第130章
张居正将折子读完, 又翻回去看海参崴一带的舆图附页,沿着海岸线自旅顺一路往北,在朝鲜清津港与海参崴之间停住, 目中精光微闪。
此处确实险要,三面环山一面朝海, 形如一只探入日本海的巨钳,与清津港隔水相望互为犄角,南下可扼对马海峡, 北上能锁黑龙江口。
她将折子搁在案上起身走到墙边那幅大明全域舆图前, 点着海参崴的位置道:“从观海卫往东南不过六百里便是日本, 比登州到日本的航程短了一大半。且此处终年不冻, 比旅顺的冬季封港期少了整整三个月, 若能将此处经营成水师驻地,日本便在大明水师的昼夜威胁之下。”
朱笑笑凑到她身边, 指着日本方向:“朕还知道日本有一座大银矿,名唤石见,就在海边, 离得极近。日本人靠那座银矿产出的白银比大明岁入还多, 后来表面矿脉渐枯才少了,可朕知道,深处还多着呢。”
张居正回头看他一眼,似笑非笑道:“看来陛下早就眼馋了,海参崴锁的是日本的门户,图的是日本的银子。”
朱笑笑毫不掩饰地咧嘴一笑, “先经营海参崴作为水师驻地,等蒸汽船下了水就去日本近海逛几圈,让他们见识见识大明的威风, 若他们识相便罢,若不识相,朕不介意帮他们识相。”
张居正听他这般说也不觉得惊讶,实事求是道:“陛下可有算过这笔账?经营海参崴一年少说也得三五十万两银子,蒸汽船还在试制阶段,一艘能下水的蒸汽船造价怕不下十万两。”
朱笑笑讪讪收回手,摸了摸鼻子:“海商总会那边去年不是给朝廷分了一百多万两红利么?再加上各地市舶司的关税、织造局的盈余,还有铁路债券也卖得不错。”
“那也不够。”张居正毫不留情地戳破了他的幻想,“陛下忘了上个月户部送来的收支明细?光是九边军饷一年便三百余万两,辽东换装火器又拨了八十万两,陕西修水利五十万两,河南赈灾二十万两,铁路一期工程一百二十万两,再加上各地官学、女学、妇婴署、妇联的开销,臣妾算过,去年岁入约八百九十万两,支出却超过了一千万两,亏空全靠着海商总会的红利和卖债券的钱才勉强填上。”

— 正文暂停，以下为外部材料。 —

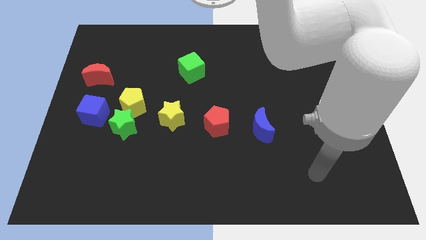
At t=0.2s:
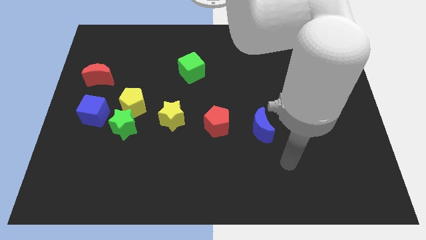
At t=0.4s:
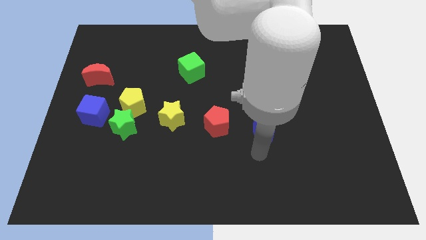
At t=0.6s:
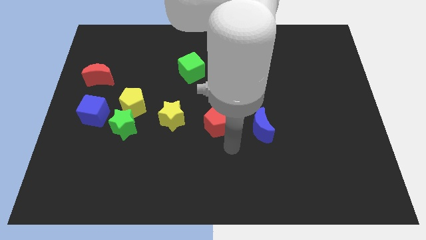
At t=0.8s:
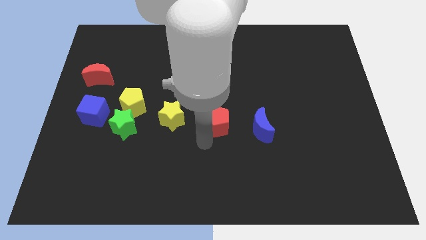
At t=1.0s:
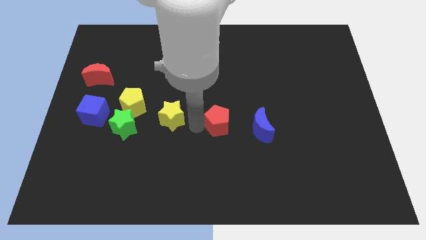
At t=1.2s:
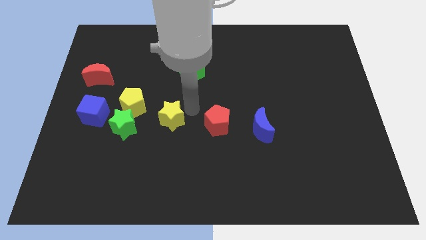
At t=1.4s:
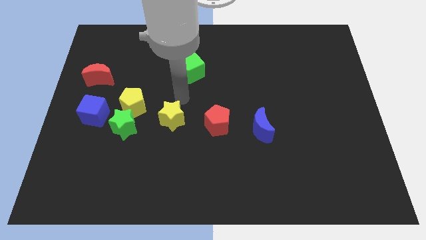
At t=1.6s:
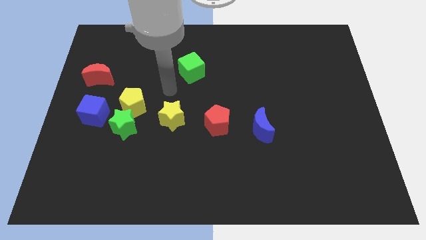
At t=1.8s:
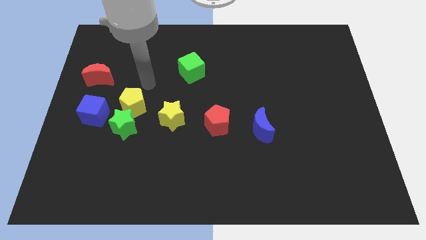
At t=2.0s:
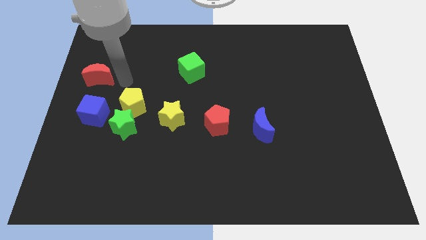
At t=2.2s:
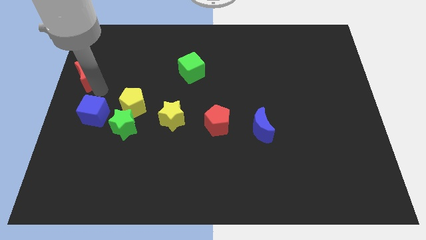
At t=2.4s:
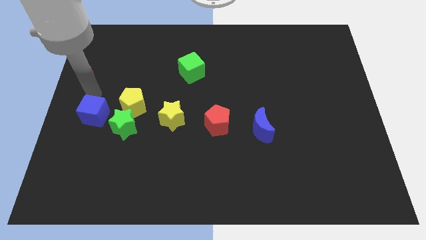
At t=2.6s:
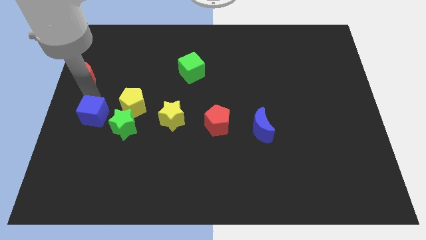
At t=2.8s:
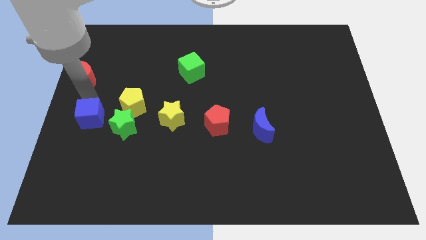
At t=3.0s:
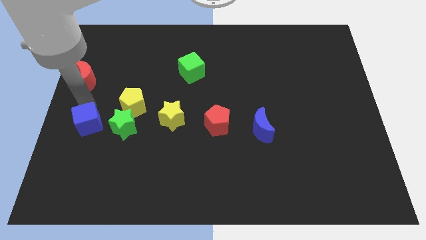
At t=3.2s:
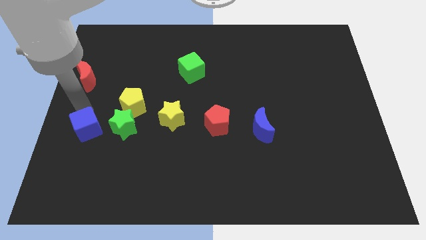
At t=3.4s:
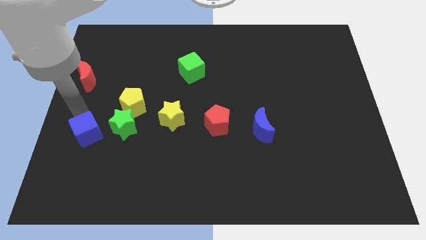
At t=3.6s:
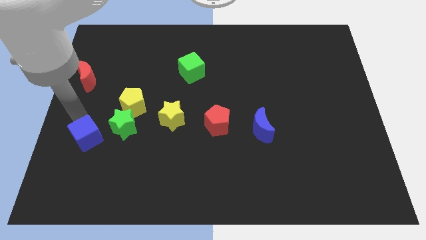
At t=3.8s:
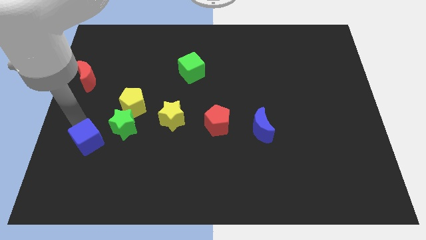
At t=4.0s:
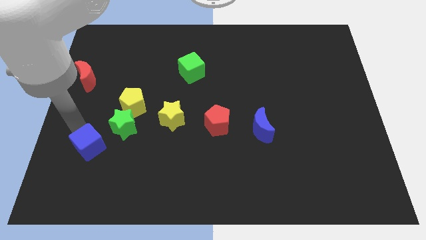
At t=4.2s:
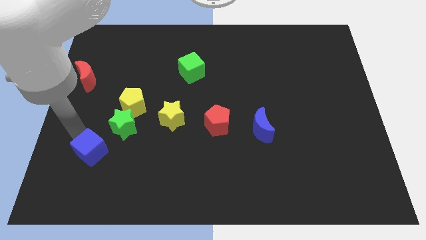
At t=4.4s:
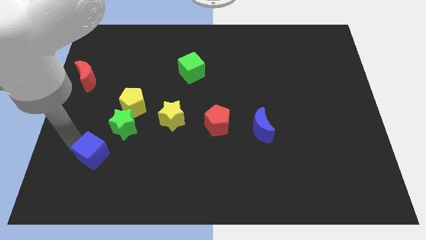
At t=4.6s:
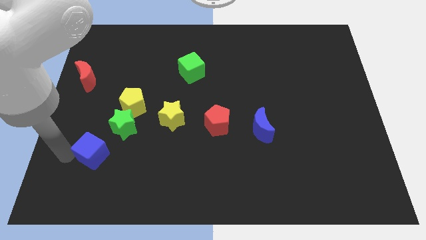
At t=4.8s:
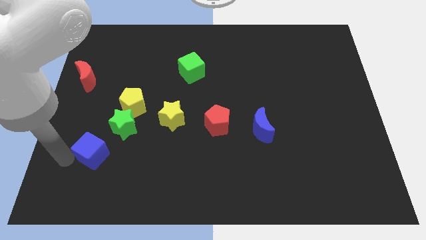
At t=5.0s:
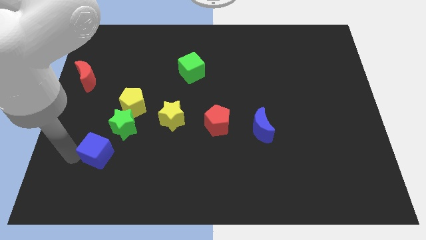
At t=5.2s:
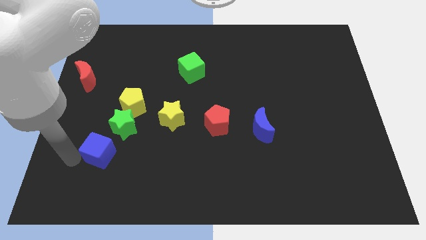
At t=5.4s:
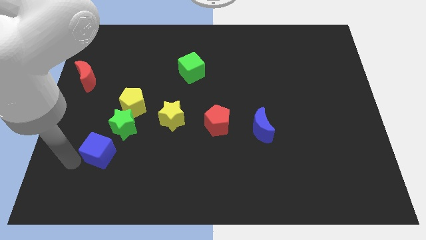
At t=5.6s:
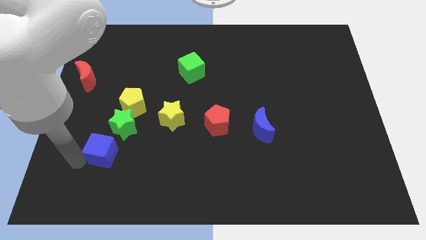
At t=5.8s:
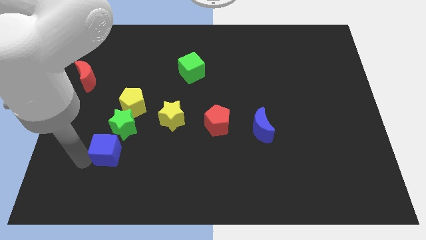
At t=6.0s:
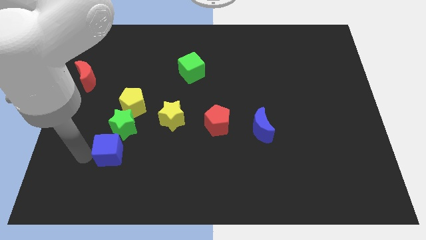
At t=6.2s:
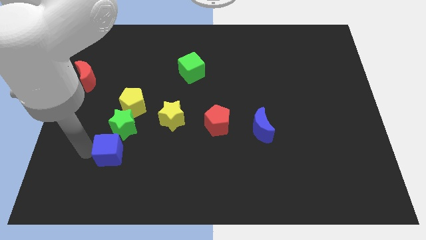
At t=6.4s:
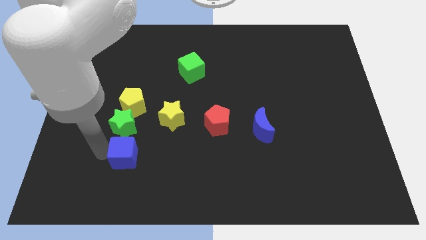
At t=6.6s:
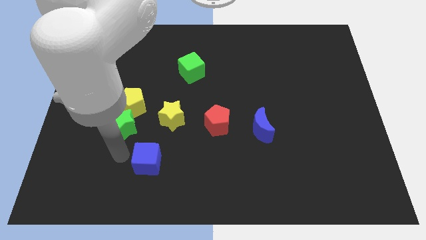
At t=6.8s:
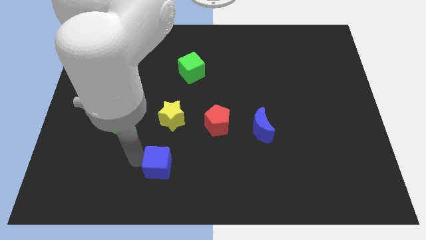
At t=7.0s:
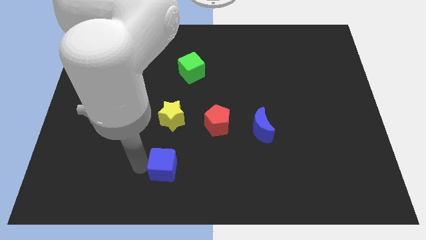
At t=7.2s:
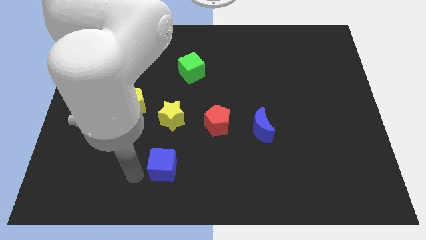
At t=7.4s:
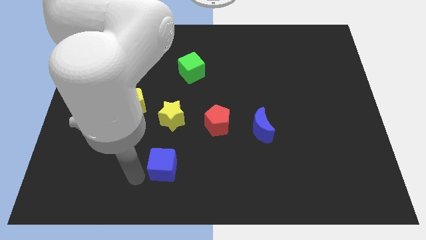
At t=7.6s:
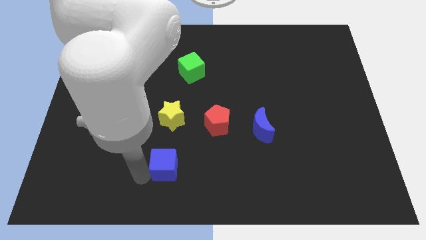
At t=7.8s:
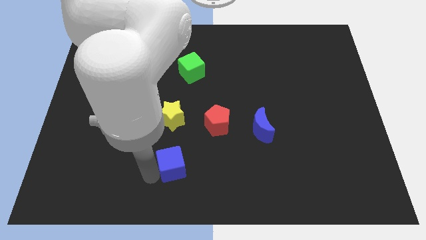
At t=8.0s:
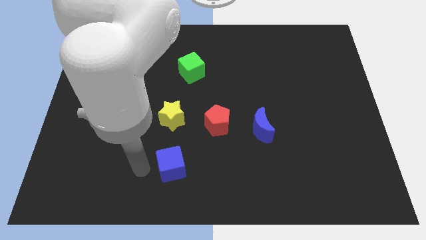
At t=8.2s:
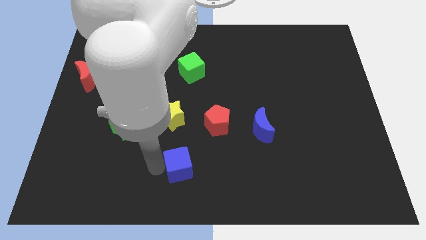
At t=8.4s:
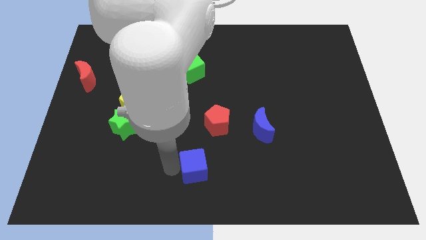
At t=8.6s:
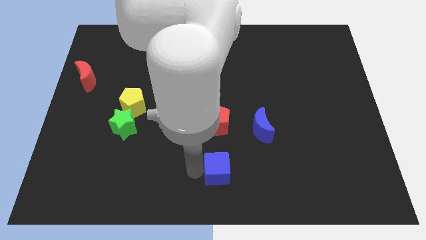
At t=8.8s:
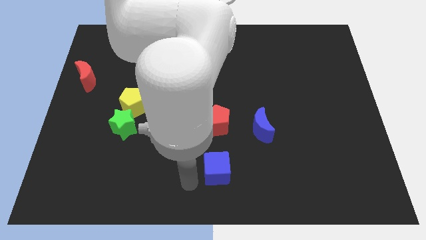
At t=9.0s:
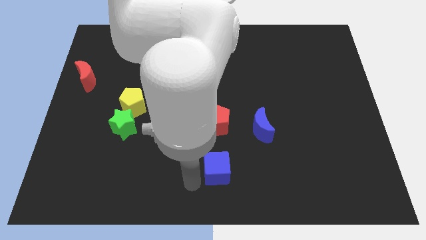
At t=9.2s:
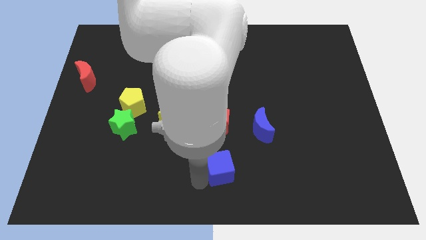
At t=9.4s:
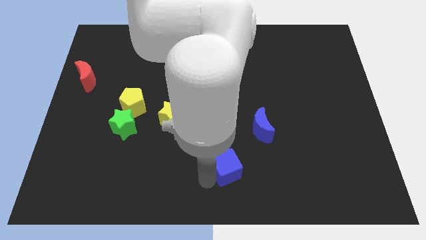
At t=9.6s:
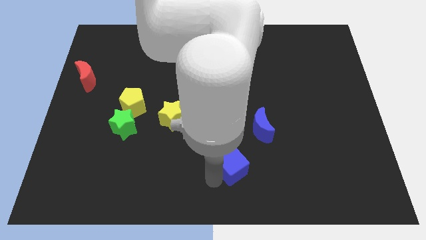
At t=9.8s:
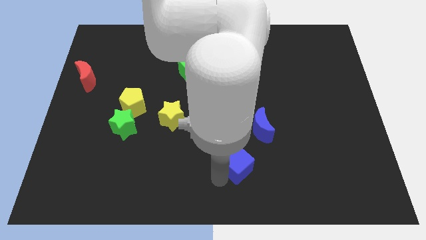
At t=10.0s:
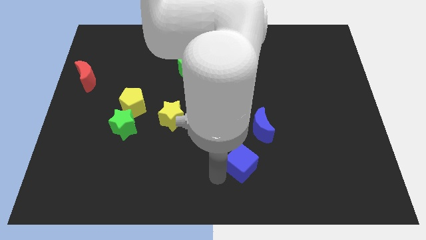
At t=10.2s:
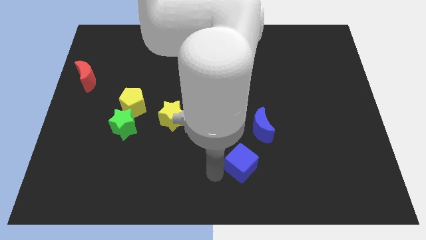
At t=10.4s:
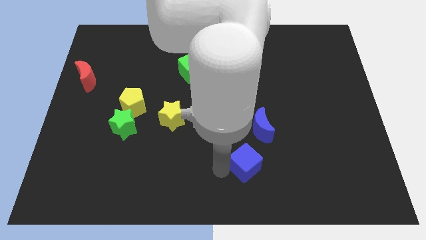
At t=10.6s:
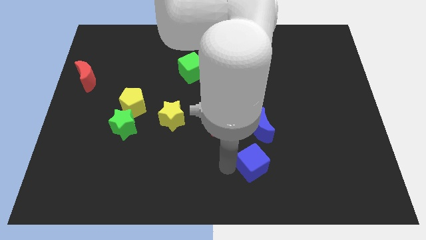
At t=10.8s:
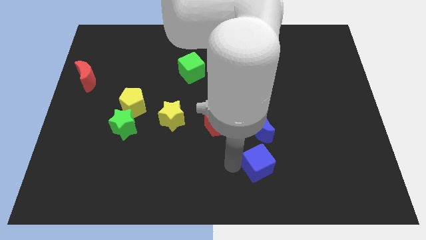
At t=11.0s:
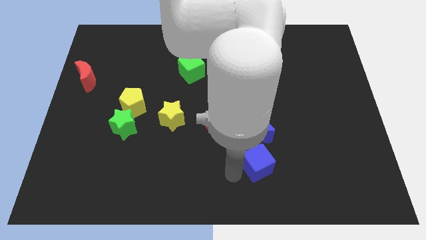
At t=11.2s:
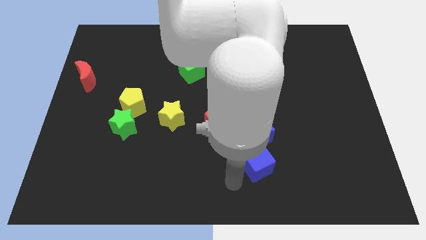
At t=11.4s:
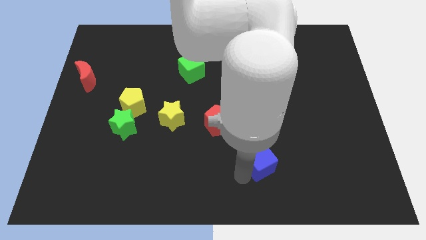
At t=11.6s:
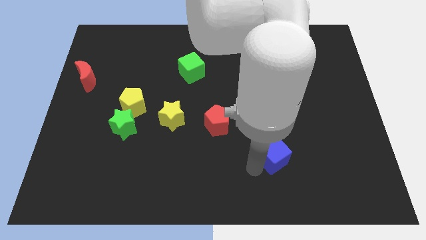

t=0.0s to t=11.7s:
move the blue cube diagonally down and to the right of the blue moon

朱笑笑被她这一通算账堵得说不出话来,索性耍赖般往椅子上一倒,拿蒲扇盖着脸道:“朕知道缺钱,这不是在想法子开源么。”
张居正走过去把蒲扇从他脸上拿开,见他闭着眼装死,轻笑一声:“陛下既想开源又何必愁眉苦脸?石见银矿若能拿下倒真是一笔稳赚不赔的买卖,只是渡海作战非同小可,非得有水师之利不可,蒸汽船还得加紧造才是。”
两人正说着话,殿外传来魏忠贤的脚步声。
“圣人,圣后,辽东送来了一份加急折子。”魏忠贤躬身禀报,递上折子。
朱笑笑翻身坐起,接过折子展开一看,眉头便皱了起来。
张居正凑过来看了几行,也沉了脸。
折子是熊廷弼发来的,朝鲜国王李珲遣使来报,今年入夏以来日本对马岛的船只频频在朝鲜沿海出没,曾在釜山一带登岸捕鱼伐木与当地百姓发生械斗,朝鲜水师无能无力驱逐。
李珲恳请大明派水师前往朝鲜近海巡视以震慑倭人。
朱笑笑将折子往案上一拍,冷笑道:“看来江户幕府的锁国令锁得住百姓,锁不住野心啊。”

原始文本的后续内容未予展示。